吳偉業感激道:“老年叔不忘故人,小侄感銘五內。小侄少不更事,險些惹了禍端,害老年叔操勞,深感愧怍。”


    “世侄你萬不可這樣亂想。古人說:先國家而後私人,我未曾徇什麽私情,一心為國取材。平心而論,你的文章峭拔高秀,正是國家的棟梁,國家掄才大典,意在舉賢,全憑個人本領,容不得半點僥幸,更不可強分什麽親疏恩仇。惟能如此,才可消弭奸黨的誹謗之言。”周延儒怕他糾纏科考話題不放,千言萬語地感恩道謝,忙將話鋒一轉道:“天如,你的殿試策論極好,可惜長了些,書寫也有一筆過了朱欄,有些違製,本該是高等的文章……我已請人抄來,細讀過了,確非等閑。”
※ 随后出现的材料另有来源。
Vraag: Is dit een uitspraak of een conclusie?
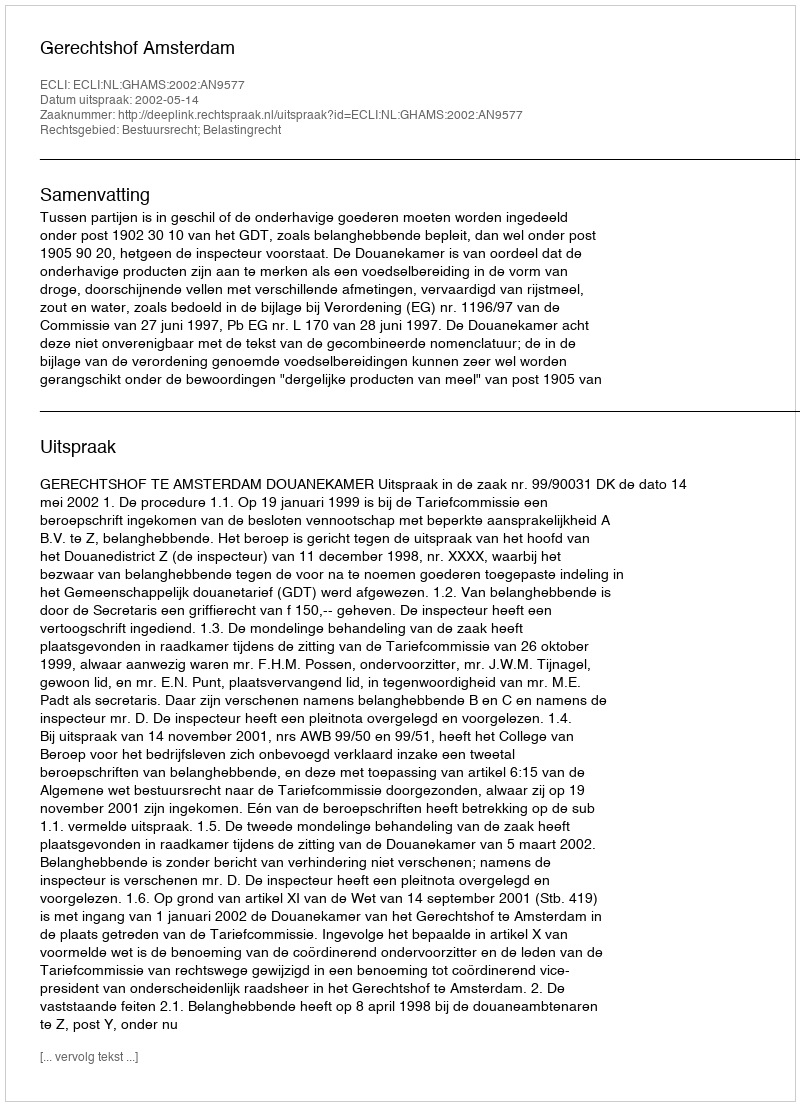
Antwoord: Uitspraak
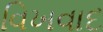
વિખવાદ
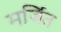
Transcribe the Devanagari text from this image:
मर्जित
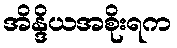
အိန္ဒိယအစိုးရက
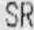
SR
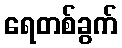
ရေတစ်ခွက်
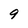
Character: 9
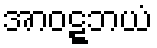
အာဝဋ္ဋဘယံ
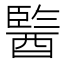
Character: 𨢒
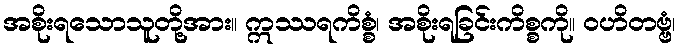
အစိုးရသောသူတို့အား။ ဣဿရကိစ္စံ၊ အစိုးရခြင်းကိစ္စကို။ ဝဟိတဗ္ဗံ၊
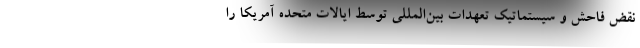
نقض فاحش و سیستماتیک تعهدات بین‌المللی توسط ایالات متحده آمریکا را
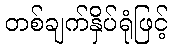
တစ်ချက်နှိပ်ရုံဖြင့်
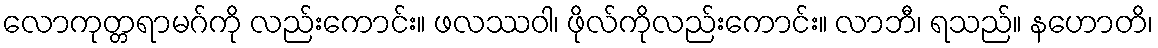
လောကုတ္တရာမဂ်ကို လည်းကောင်း။ ဖလဿဝါ၊ ဖိုလ်ကိုလည်းကောင်း။ လာဘီ၊ ရသည်။ နဟောတိ၊
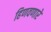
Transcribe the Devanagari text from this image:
हिणवणारे
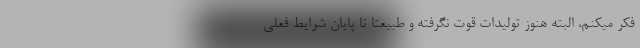
فکر میکنم، البته هنوز تولیدات قوت نگرفته و طبیعتا تا پایان شرایط فعلی
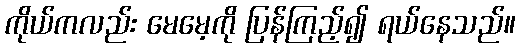
ကိုယ်ကလည်း မေမေ့ကို ပြန်ကြည့်၍ ရယ်နေသည်။
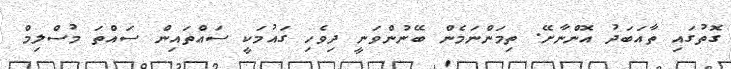
ގޮތުގައި ތާއަބަދު އޮންނާށޭ. ތިމަންނަމެން ބޭނުންވަނީ ދިވެހި ގައުމަކީ ސައްތައިން ސައްތަ މުސްލިމް
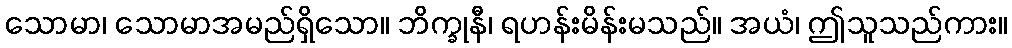
သောမာ၊ သောမာအမည်ရှိသော။ ဘိက္ခုနီ၊ ရဟန်းမိန်းမသည်။ အယံ၊ ဤသူသည်ကား။
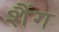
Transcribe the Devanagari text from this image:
शैंग
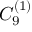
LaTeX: { C } _ { 9 } ^ { ( 1 ) }
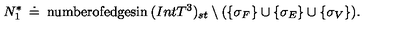
N _ { 1 } ^ { * } \: \doteq \: \mathrm { n u m b e r o f e d g e s i n } \: ( I n t T ^ { 3 } ) _ { s t } \setminus ( \{ \sigma _ { F } \} \cup \{ \sigma _ { E } \} \cup \{ \sigma _ { V } \} ) .
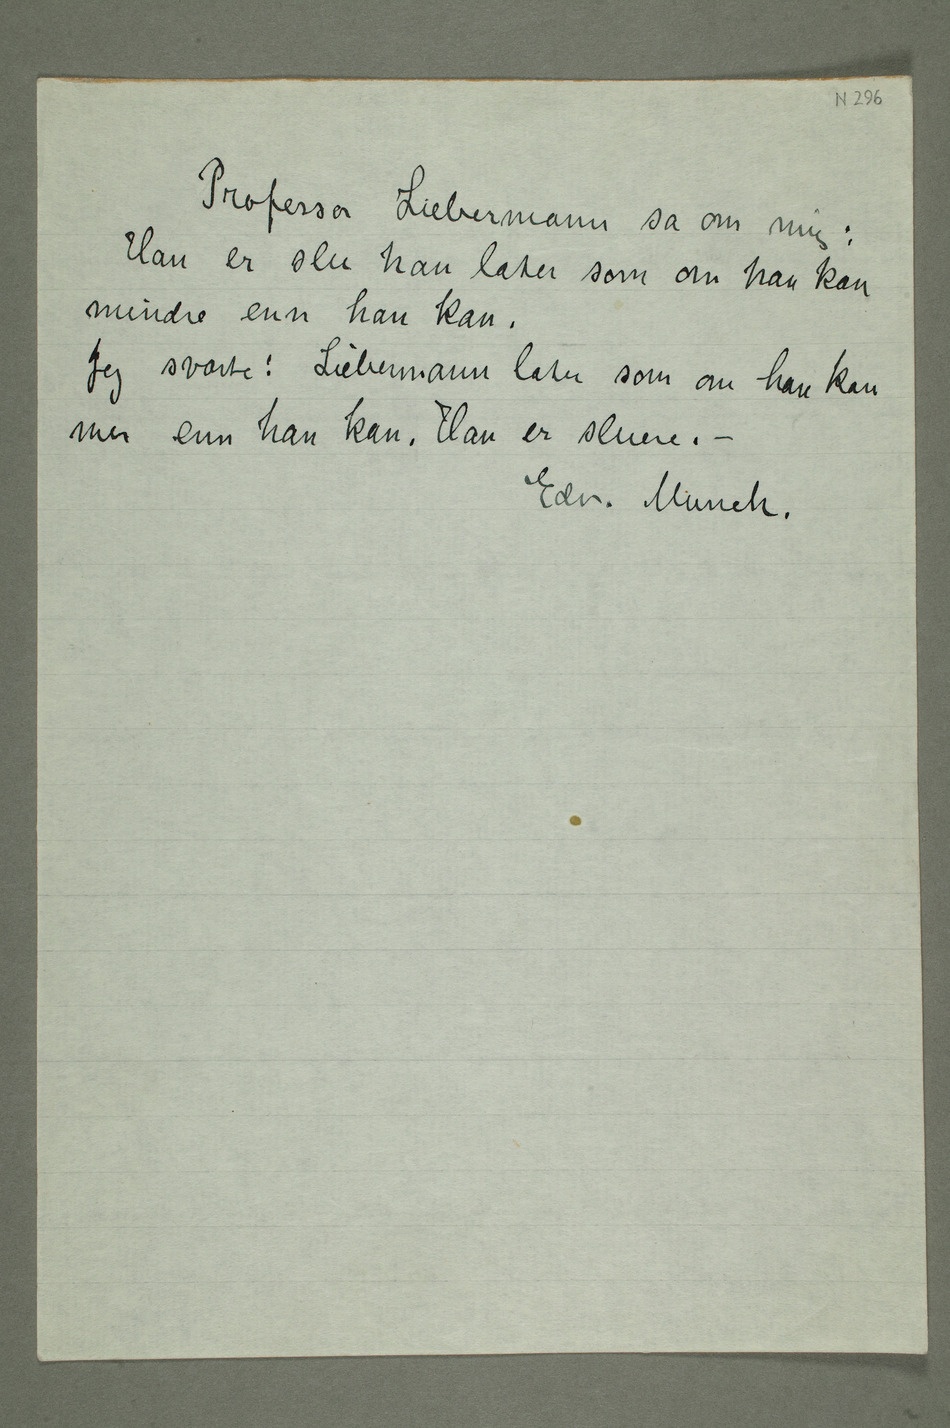
Professor Liebermann sa om mig:
Han er slu han later som om han kan
mindre enn han kan.
Jeg svarte: Liebermann later som om han  kan
mer enn han kan. Han er sluere.
– Edv. Munch
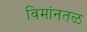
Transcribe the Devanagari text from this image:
विमांनतळ
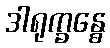
ဒါရုက္ခန္ဓေ
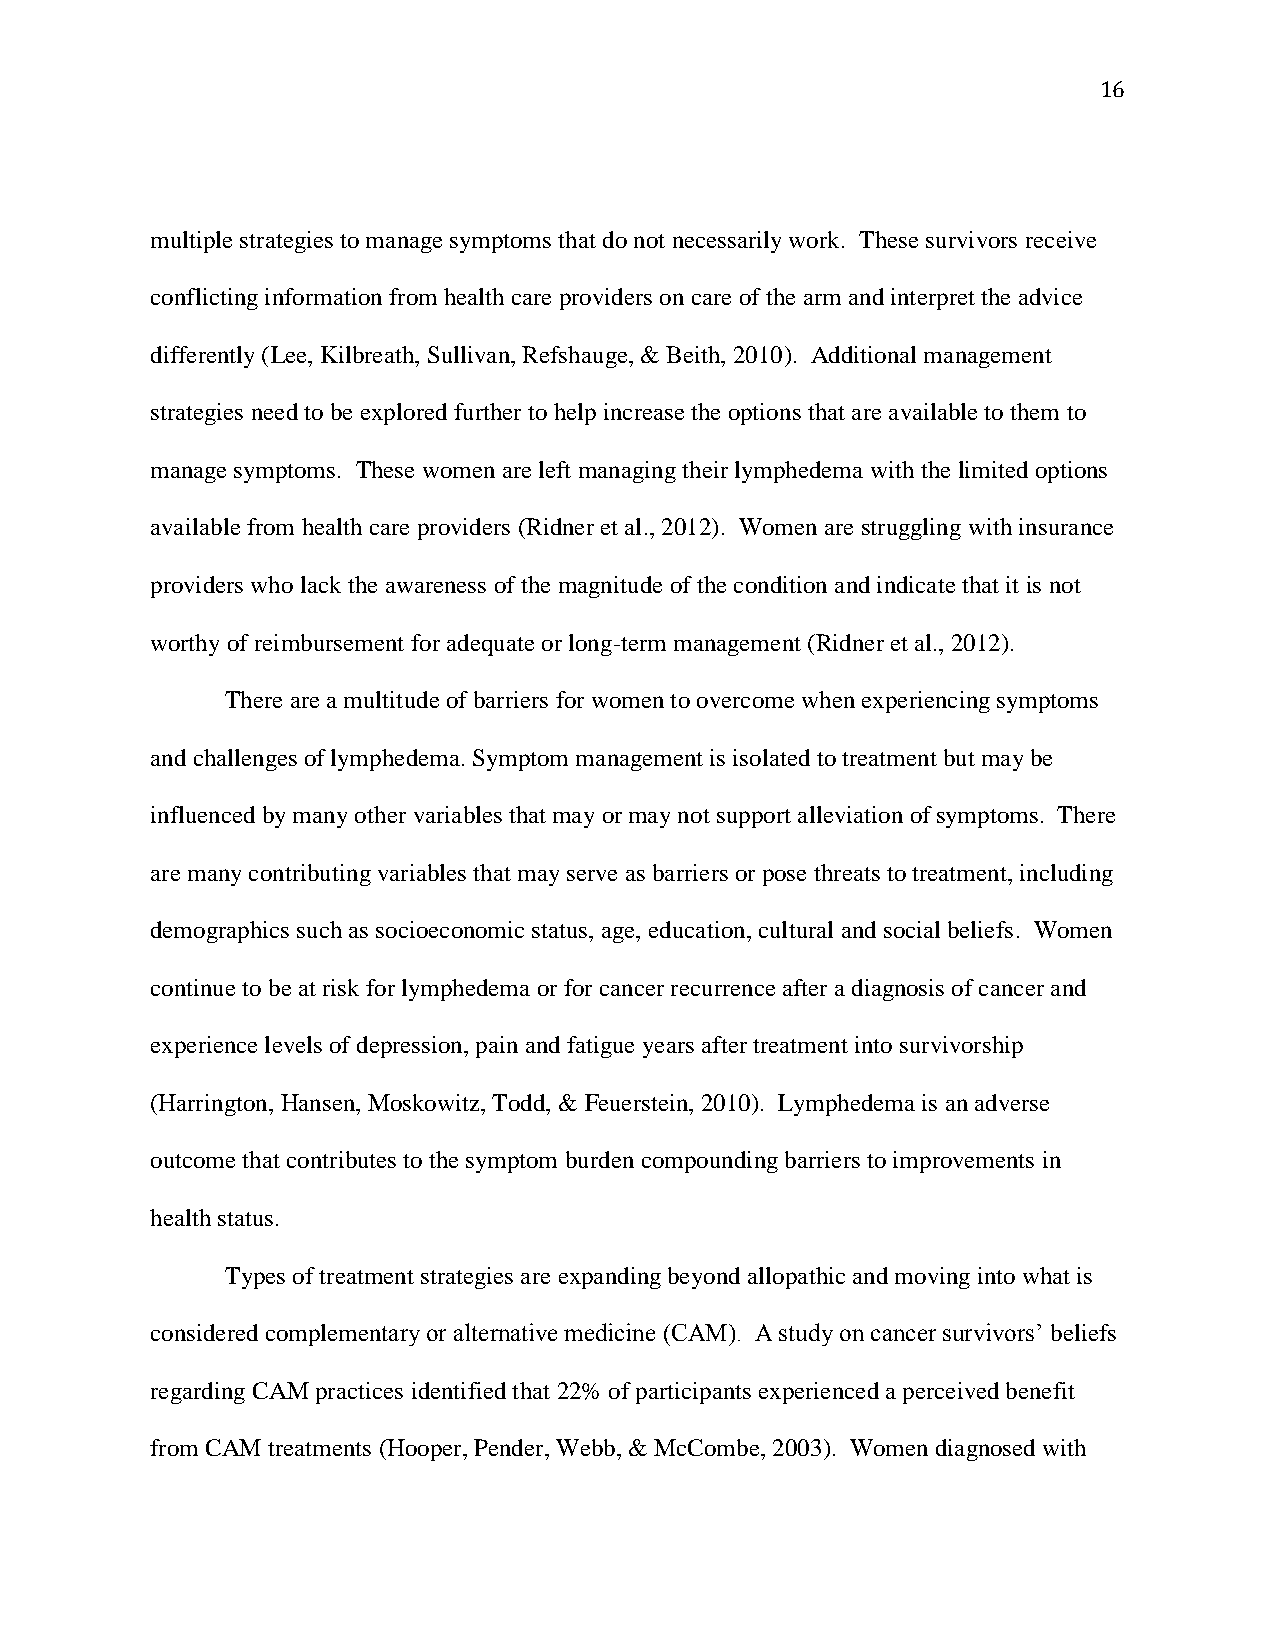
16
 multiple strategies to manage symptoms that do not necessarily work. These survivors receive
 conflicting information from health care providers on care of the arm and interpret the advice
 differently (Lee, Kilbreath, Sullivan, Refshauge, & Beith, 2010). Additional management
 strategies need to be explored further to help increase the options that are available to them to
 manage symptoms. These women are left managing their lymphedema with the limited options
 available from health care providers (Ridner et al., 2012). Women are struggling with insurance
 providers who lack the awareness of the magnitude of the condition and indicate that it is not
 worthy of reimbursement for adequate or long-term management (Ridner et al., 2012).
 There are a multitude of barriers for women to overcome when experiencing symptoms
 and challenges of lymphedema. Symptom management is isolated to treatment but may be
 influenced by many other variables that may or may not support alleviation of symptoms. There
 are many contributing variables that may serve as barriers or pose threats to treatment, including
 demographics such as socioeconomic status, age, education, cultural and social beliefs. Women
 continue to be at risk for lymphedema or for cancer recurrence after a diagnosis of cancer and
 experience levels of depression, pain and fatigue years after treatment into survivorship
 (Harrington, Hansen, Moskowitz, Todd, & Feuerstein, 2010). Lymphedema is an adverse
 outcome that contributes to the symptom burden compounding barriers to improvements in
 health status.
 Types of treatment strategies are expanding beyond allopathic and moving into what is
 considered complementary or alternative medicine (CAM). A study on cancer survivors’ beliefs
 regarding CAM practices identified that 22% of participants experienced a perceived benefit
 from CAM treatments (Hooper, Pender, Webb, & McCombe, 2003). Women diagnosed with
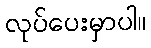
လုပ်ပေးမှာပါ။
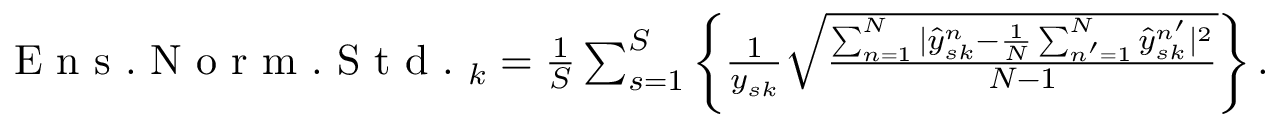
\begin{array} { r } { \mathrm { ~ E ~ n ~ s ~ . ~ N ~ o ~ r ~ m ~ . ~ S ~ t ~ d ~ . ~ } _ { k } = \frac { 1 } { S } \sum _ { s = 1 } ^ { S } \left\{ \frac { 1 } { y _ { s k } } \sqrt { \frac { \sum _ { n = 1 } ^ { N } | \hat { y } _ { s k } ^ { n } - \frac { 1 } { N } \sum _ { n ^ { \prime } = 1 } ^ { N } \hat { y } _ { s k } ^ { n ^ { \prime } } | ^ { 2 } } { N - 1 } } \right\} . } \end{array}
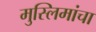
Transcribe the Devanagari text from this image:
मुस्लिमांचा
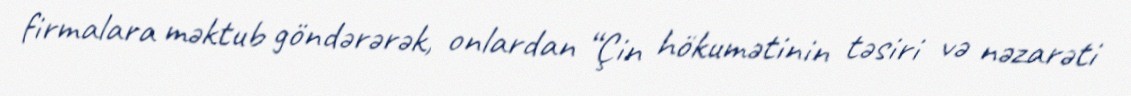
firmalara məktub göndərərək, onlardan “Çin hökumətinin təsiri və nəzarəti
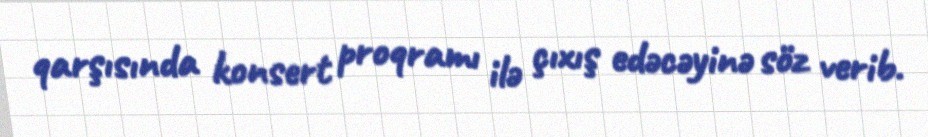
qarşısında konsert proqramı ilə çıxış edəcəyinə söz verib.
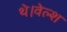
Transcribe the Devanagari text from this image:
थे।वेल्श
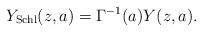
LaTeX: \begin{gather*}Y_{\rm Schl}(z,a)=\Gamma^{-1}(a)Y(z,a).\end{gather*}
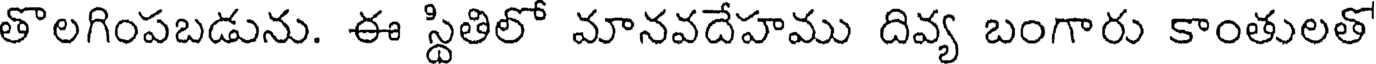
తొలగింపబడును. ఈ స్థితిలో మానవదేహము దివ్య బంగారు కాంతులతో
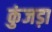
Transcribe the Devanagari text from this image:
कुंजड़ा
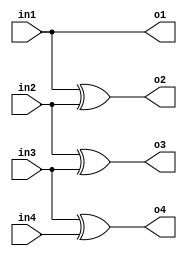

module Task2(in1,in2,in3,in4,o1,o2,o3,o4);
input  in1,in2,in3,in4;
output o1,o2,o3,o4;
reg o1,o2,o3,o4;
always@(in1,in2,in3,in4)
begin
 o1 = in1;
 o2 =in1^in2;
 o3 = in2^in3;
 o4 =in3^in4;
end
endmodule
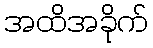
အထိအခိုက်
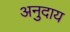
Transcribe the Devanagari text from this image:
अनुदाय
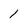
Character: 1
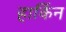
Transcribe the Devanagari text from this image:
हार्किन
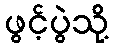
ဖွင့်ပွဲသို့
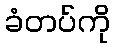
ခံတပ်ကို
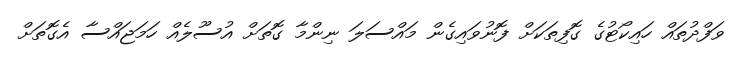
ވަފްދުތައް ހައިކޯޓުގެ ގޮފިތަކަށް ފޮނުވައިގެން މައްސަލަ ނިންމާ ގޮތަށް އުސޫލެއް ހަމަޖައްސާ އެގޮތަށް
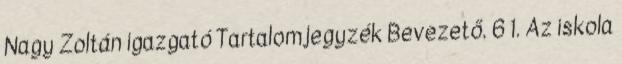
Nagy Zoltán igazgató Tartalomjegyzék Bevezető. 6 1. Az iskola
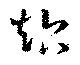
超

    “恩師過獎!學生得蒙栽培,真不知道怎麽報答?”張溥登時想起果有一筆寫得激奮,過了朱絲界欄,心中不禁悔恨起來。


    周延儒見他臉色微變,敘起家常道:“你的老親還都在堂?”


    “先父見背了,老母在堂。”


    “你們昆仲幾位?”


    “十個。門生行八。”


    “世居太倉州?”


    “嗯!”


    “江南自古就是人文淵藪,又是富庶之區,你們複社金陵大會,聲動朝野,勢力遍及大江南北,社藝之盛超邁古人。若能為朝廷效命,匡謬正俗,也是社稷之福。”


    “學生於崇禎二年,聯合江北匡社、中州端社、鬆江幾社、萊陽邑社、浙東超社、浙西莊社聞社、黃州質社、江南應社、江北南社、江西則社等十六家文社,大會吳江尹山,合氣類之相同,資眾力之協助,成立複社。倡導興複古學,務為有用,不過嚶其鳴矣,求其友聲,常在一塊把酒論文,砥礪學問,涵養道德,其實不敢思出其位。”


    “哈哈哈……”周延儒笑道:“逢人隻說三分話,未可全拋一片心。我原想天如是個胸懷磊落的漢子,不料竟也不能免俗。我雖身在京師,多年不迴江南了,江南的大小事情倒也瞞不過我。複社成立不久,既獲小東林的美譽,難道是浪得虛名?”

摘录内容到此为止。